Baixo no tipo físico e, como se isso não fosse bastante, fui um dos baixos do Coral Universitário em 1971.
Sob a regência do maestro Orlando, nos reuníamos aos sábados, à tarde, no Conservatório Alberto Nepomuceno. E ensaiávamos peças folclóricas e do cancioneiro popular, enquanto esperávamos o dia em que iríamos conquistar o público.
Era 1971: o ano do meu internato na Faculdade de Medicina! Atividades nos dois turnos, rodízio nas várias clínica e plantões. Além disso, responsabilidades extracurriculares em dois hospitais da cidade. Parecia improvável que, com tantos compromissos, eu pudesse ainda participar de um coral. Mas... aquelas tardes de sábado eram a oportunidade que eu tinha para espairecer. Ao lado de grandes amigos, como o engenheiro Osternes (irmão do compositor Brandão), o odontólogo Ivan Meira e o veterinário Wilson Ramos.

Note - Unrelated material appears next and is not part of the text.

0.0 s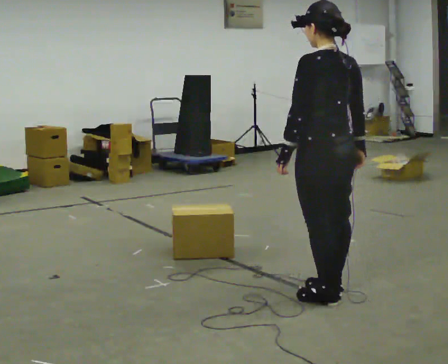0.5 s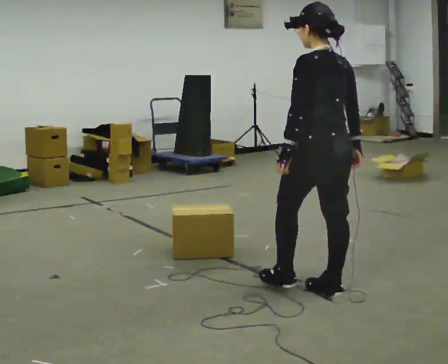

Antes dos ensaios com o maestro Orlando Leite, éramos separados em grupos. Baixos, tenores, contraltos e sopranos, os chamados quatro naipes do coral. E cada grupo, por sua vez, recebia a orientação de um monitor, em geral um aluno do curso superior de Música. Sabendo ler partitura, o monitor era quem nos passava a nossa parte nos arranjos musicais. E nós a aprendíamos de ouvido.

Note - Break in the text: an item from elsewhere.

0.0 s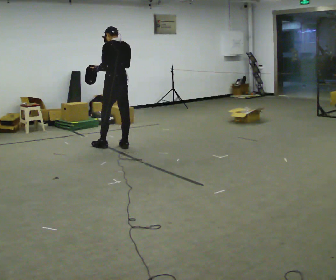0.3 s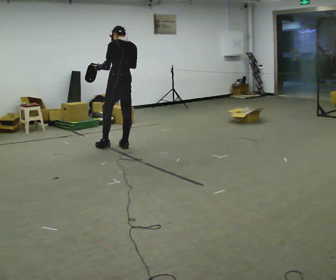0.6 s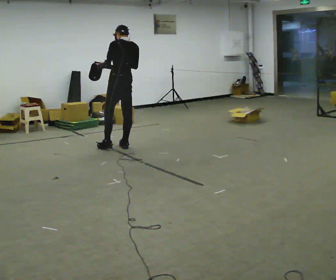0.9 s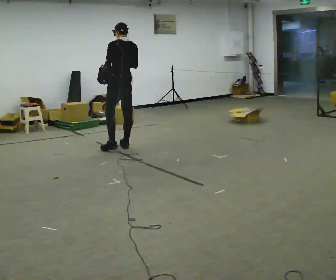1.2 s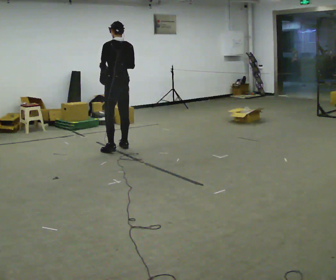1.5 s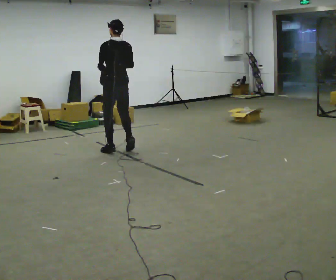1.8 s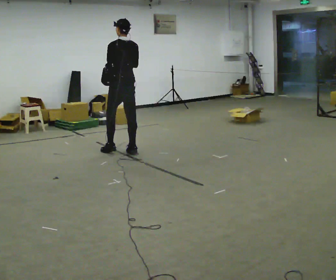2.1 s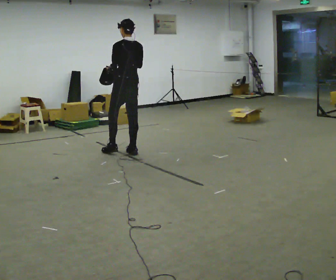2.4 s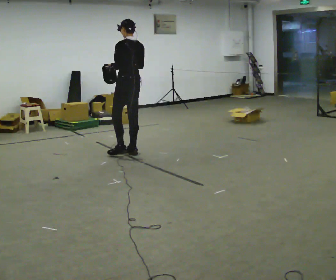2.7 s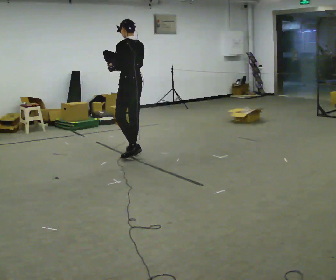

As vesperais findavam com os naipes do coral reunidos sob a regência do maestro Orlando. Ficava, modéstia à parte, aquela coisa belíssima. Ouvissem, por exemplo, a canção "Eu não existo sem você", de Tom e Vinicius, em que nós, os baixos, cantávamos:: "sei, eu sei, a vida assim, que nada levará de mim". Pronunciávamos apenas as sílabas que correspondiam às notas graves do arranjo. Uma moleza, reconheço.
Era comum algum participante do coral levar um amigo para testes. Os requisitos eram poucos: boa vontade e ser universitário; não era exigido conhecimentos de teoria musical. Uma vez admitido, tinha de ser assíduo. Wilson, por exemplo, foi levado por mim. Alto e espigado, Wilson deu a impressão inicial a Elói de que viera ao mundo para ser tenor. Elói era o monitor encarregado naquele dia de fazer a avaliação. Ele teclou ao piano uma nota bem aguda, que Wilson, a voz gravíssima, tentou reproduzir. Aquela nota, solfejada por Wilson, o bom Elói só foi encontrá-la a oitavas de distância. Apesar do jeitão, o amigo era outro baixo!
Os baixos ensaiávamos numa sala do pavimento superior do Conservatório. Terezinha, nossa monitora, para pegar a afinação do lá, descia até o térreo onde ficavam os pianos. Não tinha o chamado ouvido absoluto, o que não era nenhum desdouro (ouvido absoluto é um dom). Agora, por que não carregava consigo o simplérrimo apito de lá, de modo a evitar tantas e incessantes incursões ao piano, é isso até hoje um mistério para mim.
Numa ocasião, tentávamos cantar as notas de uma música que já constava de nosso repertório, e nunca a tínhamos achado tão difícil. Até que um dos baixos protestou: "Nesse tom eu só sei roncar". Desconfiada de que algo estava errado, Terezinha correu à sala do piano para conferir a afinação e de onde voltou esbaforida. Pois não é que o "baixinho" tinha razão. Na subida anterior pela escada, "o lá tinha descido um pouco", foi assim que ela se justificou para nós.